The book is full of eye-openers.  First, his prediction is that within 24 hours of the power going out, the New York Subways would fill with water -- once the pumps go out, they'd become underwater caves.  Not long thereafter, the water would eat away at the underpinnings of the roads, and roads would start caving in, before long returning Manhattan to what it was before the Europeans arrived, a swampy island crisscrossed by rivers.  Farms, including the huge industrial farms of the Midwest, would be equally quick; cultivated varieties of wheat and corn would, Weisman says, last only three or four years before being replaced by hardier species, and the land would gradually return to nature (albeit changed by the introduction of highly competitive exotic species that were introduced by us, accidentally or deliberately).

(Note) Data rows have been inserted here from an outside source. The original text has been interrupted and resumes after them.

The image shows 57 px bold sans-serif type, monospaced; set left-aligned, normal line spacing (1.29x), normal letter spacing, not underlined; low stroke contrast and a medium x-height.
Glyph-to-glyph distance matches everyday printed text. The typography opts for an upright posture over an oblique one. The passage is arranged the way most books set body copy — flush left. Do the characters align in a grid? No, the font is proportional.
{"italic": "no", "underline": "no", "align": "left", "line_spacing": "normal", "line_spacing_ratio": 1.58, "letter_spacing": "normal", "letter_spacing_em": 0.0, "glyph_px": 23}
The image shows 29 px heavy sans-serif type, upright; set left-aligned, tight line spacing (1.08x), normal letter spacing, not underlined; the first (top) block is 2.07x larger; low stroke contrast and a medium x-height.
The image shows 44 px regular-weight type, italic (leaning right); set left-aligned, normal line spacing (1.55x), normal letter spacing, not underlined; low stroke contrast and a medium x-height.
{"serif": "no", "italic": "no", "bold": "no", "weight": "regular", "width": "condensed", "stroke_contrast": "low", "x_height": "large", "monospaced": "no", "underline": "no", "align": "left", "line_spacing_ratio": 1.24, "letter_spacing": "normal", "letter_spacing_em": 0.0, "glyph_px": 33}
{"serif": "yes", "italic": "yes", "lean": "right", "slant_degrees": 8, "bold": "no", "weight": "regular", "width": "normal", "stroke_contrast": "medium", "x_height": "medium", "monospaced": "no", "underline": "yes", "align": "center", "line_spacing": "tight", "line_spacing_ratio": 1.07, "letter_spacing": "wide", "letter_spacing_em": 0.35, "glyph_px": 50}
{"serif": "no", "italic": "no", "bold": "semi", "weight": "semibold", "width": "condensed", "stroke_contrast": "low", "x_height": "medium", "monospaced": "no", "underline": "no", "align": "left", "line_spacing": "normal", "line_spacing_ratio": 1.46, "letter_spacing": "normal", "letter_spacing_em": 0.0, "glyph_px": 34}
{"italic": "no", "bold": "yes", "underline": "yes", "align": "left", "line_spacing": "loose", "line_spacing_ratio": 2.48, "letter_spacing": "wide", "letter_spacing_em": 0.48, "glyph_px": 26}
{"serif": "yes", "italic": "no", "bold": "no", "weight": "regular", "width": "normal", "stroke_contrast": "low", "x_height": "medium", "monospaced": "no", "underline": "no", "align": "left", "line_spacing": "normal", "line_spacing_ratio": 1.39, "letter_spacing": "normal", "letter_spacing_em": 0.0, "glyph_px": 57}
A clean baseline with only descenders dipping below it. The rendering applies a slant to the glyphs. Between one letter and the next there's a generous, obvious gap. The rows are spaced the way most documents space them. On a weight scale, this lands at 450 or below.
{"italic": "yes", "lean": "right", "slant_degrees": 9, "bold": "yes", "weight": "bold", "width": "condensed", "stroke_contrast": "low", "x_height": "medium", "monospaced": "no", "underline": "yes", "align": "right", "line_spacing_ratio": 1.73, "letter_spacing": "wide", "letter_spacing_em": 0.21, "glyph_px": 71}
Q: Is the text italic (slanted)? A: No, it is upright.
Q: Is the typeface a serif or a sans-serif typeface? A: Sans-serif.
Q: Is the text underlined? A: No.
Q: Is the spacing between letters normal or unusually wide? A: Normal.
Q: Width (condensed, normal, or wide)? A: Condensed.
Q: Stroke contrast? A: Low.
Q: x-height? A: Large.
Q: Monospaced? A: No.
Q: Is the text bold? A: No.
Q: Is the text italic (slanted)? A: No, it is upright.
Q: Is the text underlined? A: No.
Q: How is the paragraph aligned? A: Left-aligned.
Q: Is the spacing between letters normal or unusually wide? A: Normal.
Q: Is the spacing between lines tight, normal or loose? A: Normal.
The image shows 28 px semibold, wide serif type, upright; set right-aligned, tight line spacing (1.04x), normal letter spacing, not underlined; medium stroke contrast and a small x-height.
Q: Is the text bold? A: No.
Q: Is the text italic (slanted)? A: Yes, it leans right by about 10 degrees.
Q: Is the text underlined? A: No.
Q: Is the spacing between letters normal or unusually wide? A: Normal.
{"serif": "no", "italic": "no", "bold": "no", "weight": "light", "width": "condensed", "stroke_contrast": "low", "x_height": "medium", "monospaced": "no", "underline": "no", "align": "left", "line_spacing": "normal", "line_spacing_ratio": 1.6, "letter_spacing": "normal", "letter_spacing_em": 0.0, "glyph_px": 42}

Other places, however, would not rebound quickly.  Or ever.  Nuclear reactor sites would become uninhabitable for enough time that they might as well be considered a permanent loss.  Sites contaminated by heavy metals and non-biodegradable poisons (like dioxins) also would be, although with these there's the possibility of organisms evolving to tolerate, or even break down, the toxins.  (No such hope with radioactivity, unfortunately.)

But despite the dark parts it's a good read, and puts into perspective the effect we've had on the Earth -- and makes even more urgent the case that we need to put the brakes on environmental damage before something really does take our species out for good.